__TASK DIRECTIONS__
Print out every line of the material exactly. Include no pictures.

__SUPPLIED DATA__
****************************************

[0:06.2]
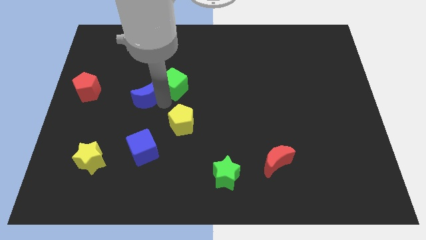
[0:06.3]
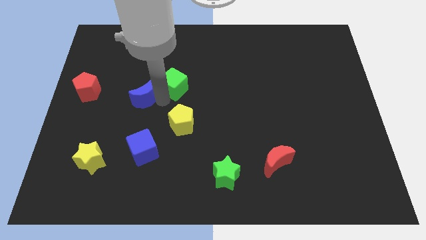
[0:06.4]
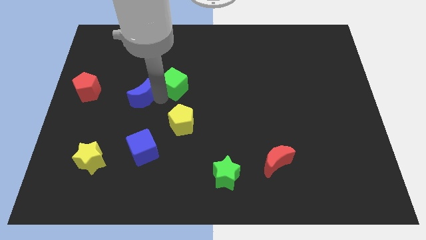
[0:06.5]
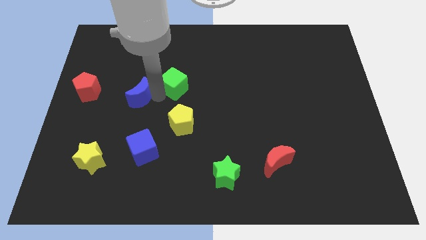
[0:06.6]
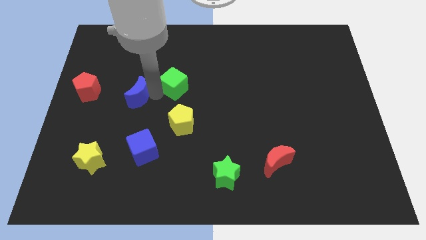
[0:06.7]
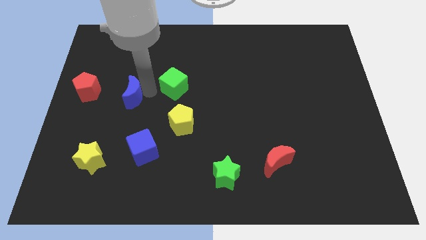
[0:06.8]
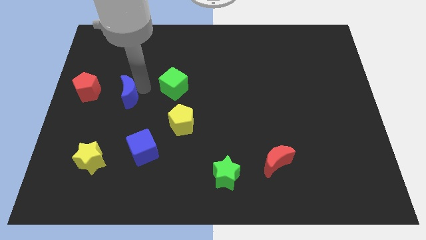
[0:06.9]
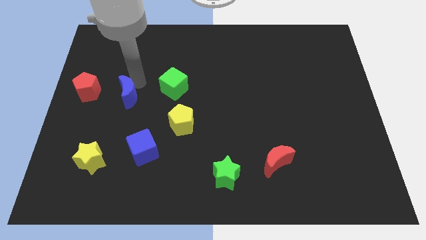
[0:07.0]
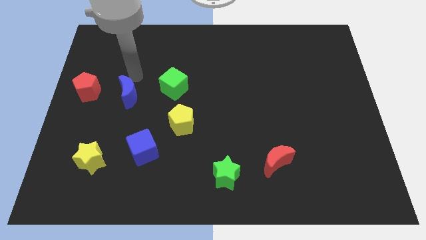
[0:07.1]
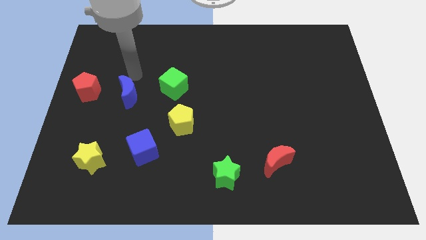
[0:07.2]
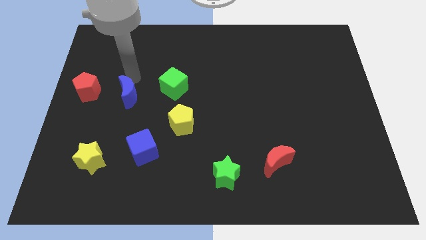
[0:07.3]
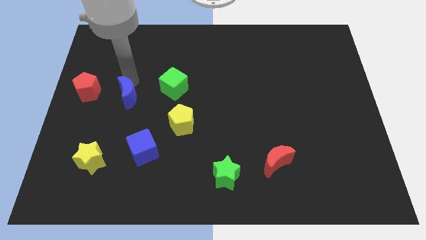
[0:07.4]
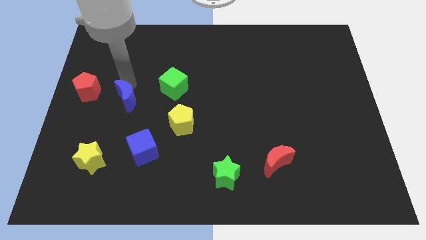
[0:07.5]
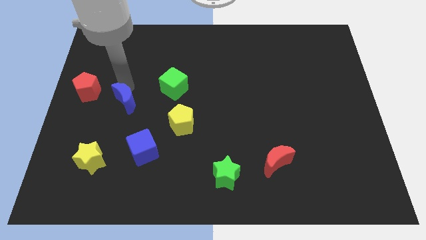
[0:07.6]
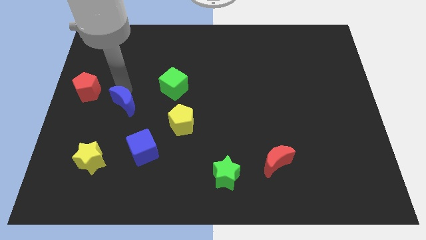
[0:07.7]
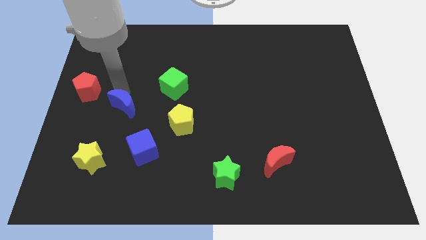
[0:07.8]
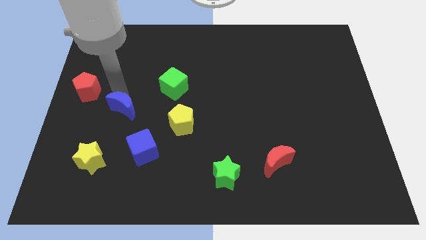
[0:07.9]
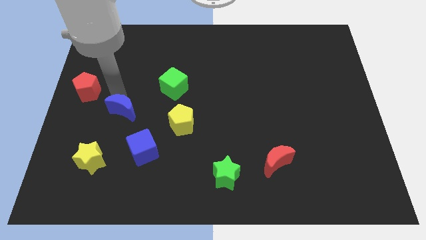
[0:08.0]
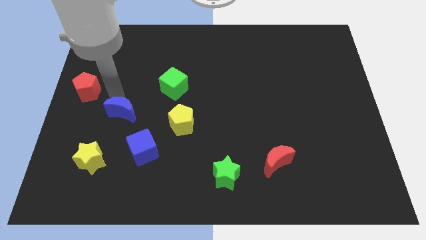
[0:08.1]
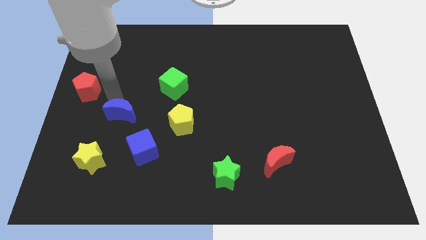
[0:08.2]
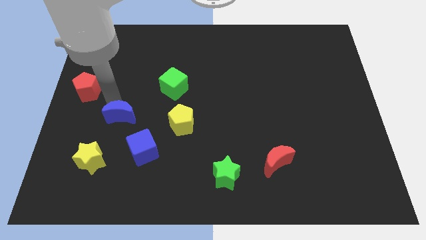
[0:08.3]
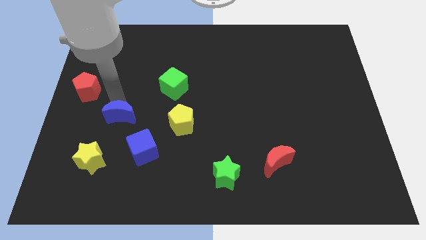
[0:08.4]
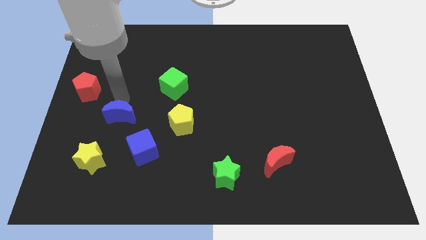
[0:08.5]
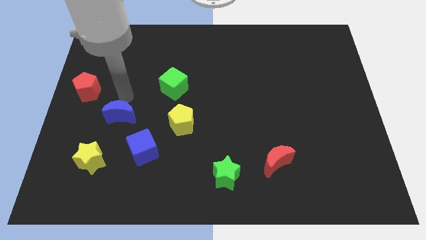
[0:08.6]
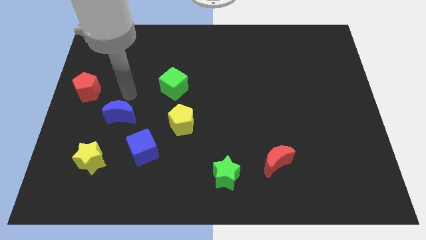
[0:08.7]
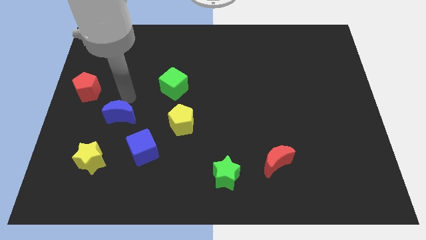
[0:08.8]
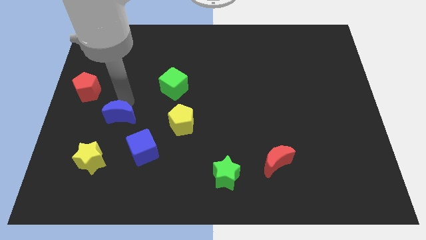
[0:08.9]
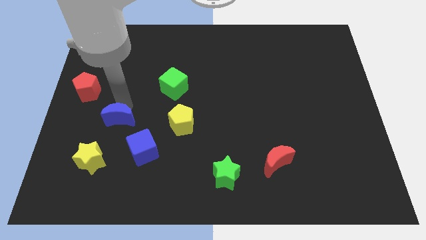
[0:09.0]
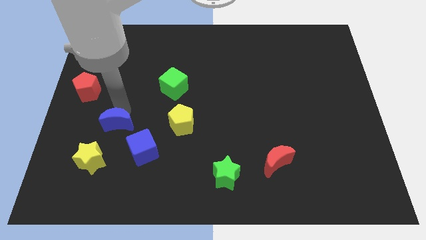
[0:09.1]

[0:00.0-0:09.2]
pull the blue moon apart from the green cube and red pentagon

****************************************

__EXERCISE ANSWER__
[0:06.2]
[0:06.3]
[0:06.4]
[0:06.5]
[0:06.6]
[0:06.7]
[0:06.8]
[0:06.9]
[0:07.0]
[0:07.1]
[0:07.2]
[0:07.3]
[0:07.4]
[0:07.5]
[0:07.6]
[0:07.7]
[0:07.8]
[0:07.9]
[0:08.0]
[0:08.1]
[0:08.2]
[0:08.3]
[0:08.4]
[0:08.5]
[0:08.6]
[0:08.7]
[0:08.8]
[0:08.9]
[0:09.0]
[0:09.1]

[0:00.0-0:09.2]
pull the blue moon apart from the green cube and red pentagon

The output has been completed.